In 1473, he began directing the work to be done in the ducal chapel in the Castello Sforzesco. Only a few of the frescoes in the ducal chapel still survive today. It is difficult to determine the precise role Bembo played in the decoration of the chapel because he worked alongside several other artists, which would become a theme in his later life. In 1474, he worked on a chapel in the church of Santa Maria da Caravaggio alongside Giacomino Vincemala. He also worked closely with other associates on the polyptych in Pavia, where he worked with Vincenzo Foppa and Zanetto Bugatto. In 1476 he painted frescoes of The Procession of the Magi and the Annunciation in the Collegio Castiglioni Chapel, Pavia. His work for the Sforza court officially came to an end following the assassination of Galeazzo Sforza in 1477. He is also well known for his painting Jesus among the Doctors which hangs in the Pitti Palace in Florence.

== Authorship ==
Art historians believe his style improved over the years as he learned how to accurately represent space. Despite having a considerable number of works attributed to him, only the portraits of the Sforza family are surely his. There has been much debate over the authenticity of his works due to some of his earlier works being dissimilar from one another, as if they were done by different people. It is hard to assess the breadth of his work because of the predominance of the Bembo name in the region. In addition, given that Bonifacio only has two secured works, it is nearly impossible to determine his style with such a small sample size. Further investigation is needed before any conclusive claims can be made about the authenticity of his works. Many of his attributed works can be found in museums and galleries in Italy. His Coronation of the Virgin can be found in Cremona while his Drawings Illustrating the Story of Lancelot can be found in the library of Florence.

== Tarot cards ==
One of Bonifacio's best-known works is the deck of tarot cards he painted for Bianca Maria Visconti and Francesco Sforza in the mid-fifteenth century, probably after 1455. This deck is known as the Visconti-Sforza, or "Colleoni Tarot". Tarot cards began to appear a little before the mid-fifteenth century, making Bembo one of the first artists to paint a deck of them. Bianca Maria and her husband chose to have Bembo paint the cards because he was their favourite painter. In all, Bembo and his workshop must have painted seventy-eight cards of the full deck. However, the modelling of the putti on six trumps is different from Bembo's style, and they are believed to have been painted to replace lost cards. The old attribution to by Antonio Cicognara is now revised, for Franco dei Russi may well be the artist who painted them. Of these seventy-eight, four have been lost over the course of history: the Devil, the Tower, the Knight of Coins, and the Three of Swords. The Three of Swords was lost sometime after 1903 by Count Alessandro Colleoni, who had inherited seventy-five cards. The deck is composed of four main suits known as Swords (spade), Cups (coppe), Coins (denari), and Staves (bastoni). In addition, the deck had a fifth suit of twenty-one trumps and a wild card known as the Fool. Bembo and his assistants hand-painted each individual card with skill, managing to incorporate the Visconti motto into many cards of the four main suits. On the fifth suit, he managed to add Sforza devices. The deck is thought to have been painted around 1455, because Francesco Sforza's three-ring device can be found on the Emperor and Empress cards. Each card was painted and illuminated on heavy cardboard and measures 175 by 87 millimetres.

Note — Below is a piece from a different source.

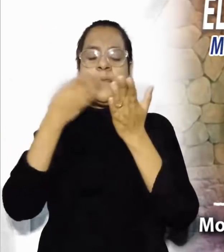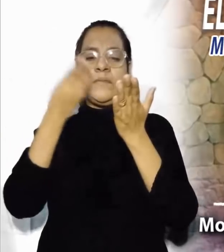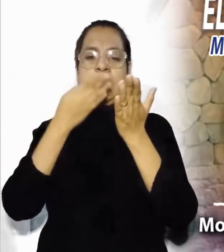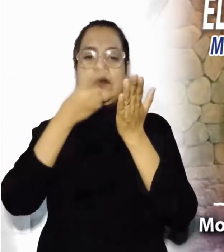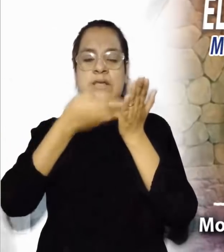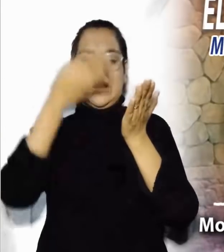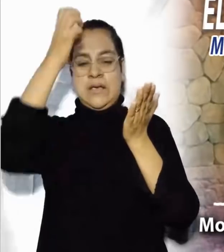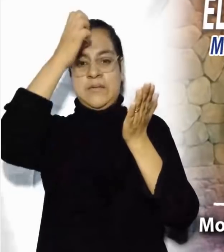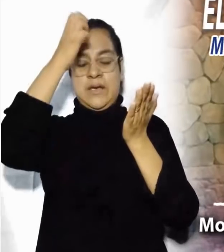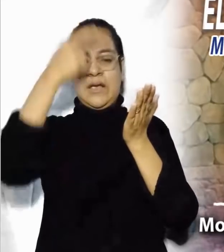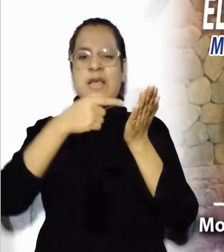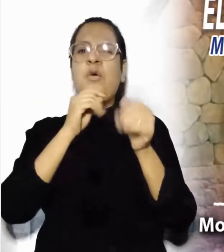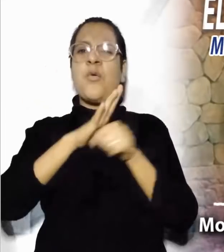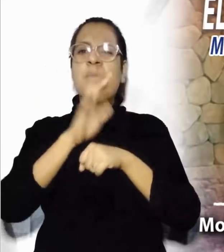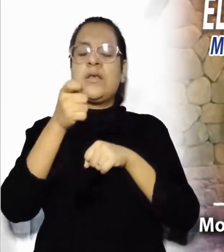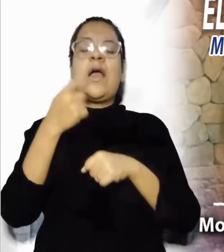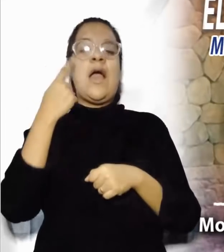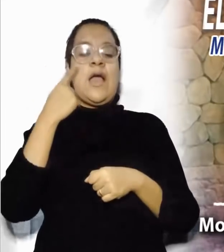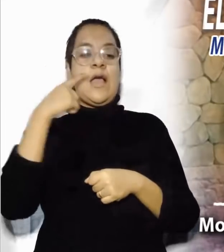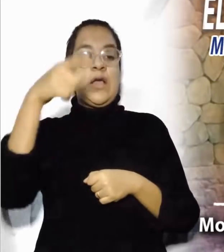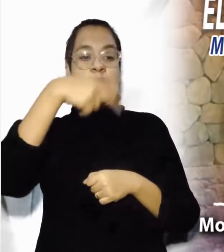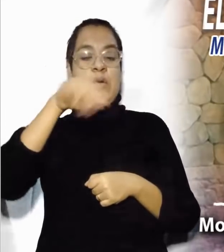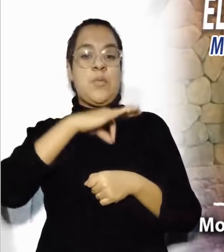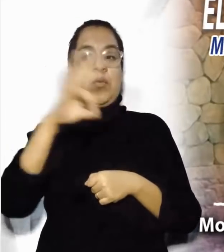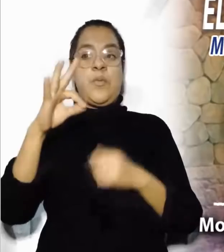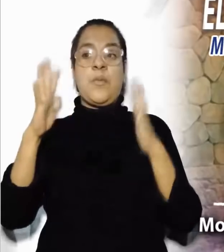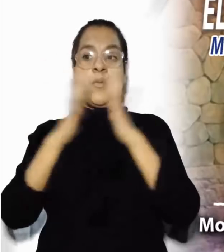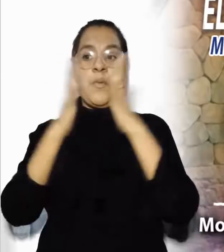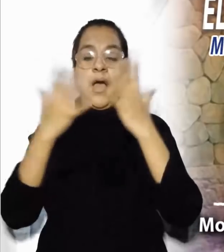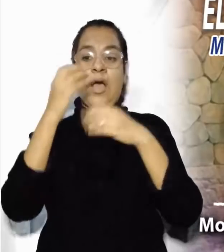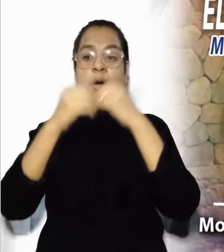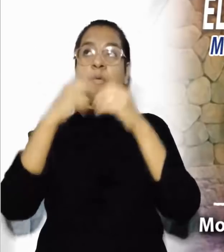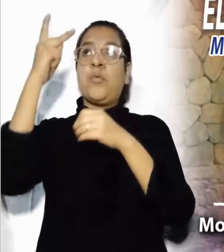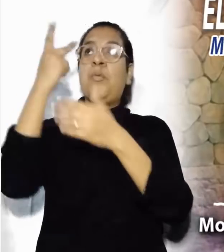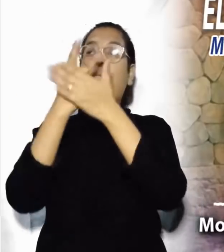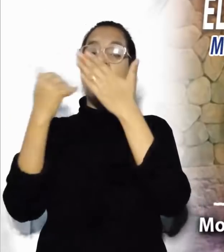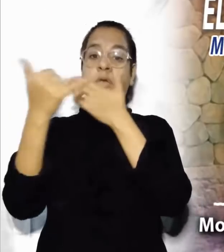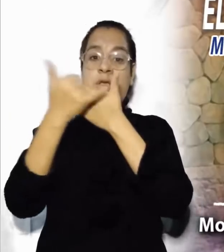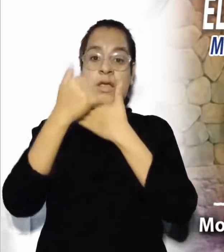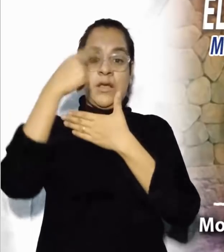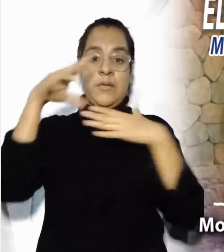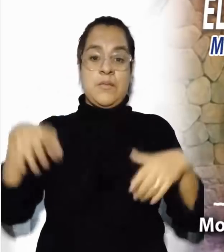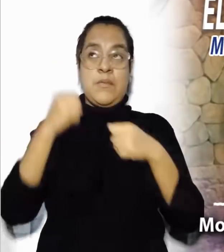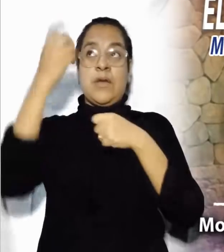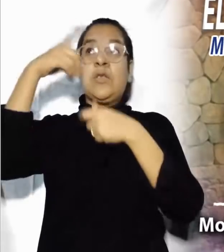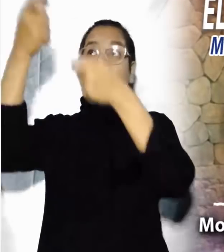importante en el Evangelio. Participar en el plan de salvación que Dios ofrece

Given their beauty and elegance, the cards were very rarely played with, if at all, by the Sforza family, based on the relative wear and tear on the cards compared to other decks the family owned. Even today, the beauty of the cards has an impact on people. Italo Calvino wrote The Castle of Crossed Destinies based on the deck of cards Bembo created. Today, the cards can be found in two different places as the set has been broken up throughout the years. The Morgan Library & Museum, in New York, acquired 35 of the cards in 1911, and they have remained there ever since. At the Morgan Library, the cards are kept in transparent envelopes so they may be examined without handling them. They are also held in a fourteenth-century French casket-box decorated in relief with chivalric scenes. Thirteen cards are owned by the Colleoni family who inherited them from the Donati family, and are deposited in the Accademia Carrara in Bergamo. Finally, the Accademia Carrara owns the other 26 cards, which were bequeathed in 1900 to the institution by Francesco Baglioni, a friend of Count Colleoni, who had traded them with Colleoni.

==Sources==

- Ticozzi, Stefano (1830). "Dizionario degli architetti, scultori, pittori, intagliatori in rame ed in pietra, coniatori di medaglie, musaicisti, niellatori, intarsiatori d'ogni età e d'ogni nazione"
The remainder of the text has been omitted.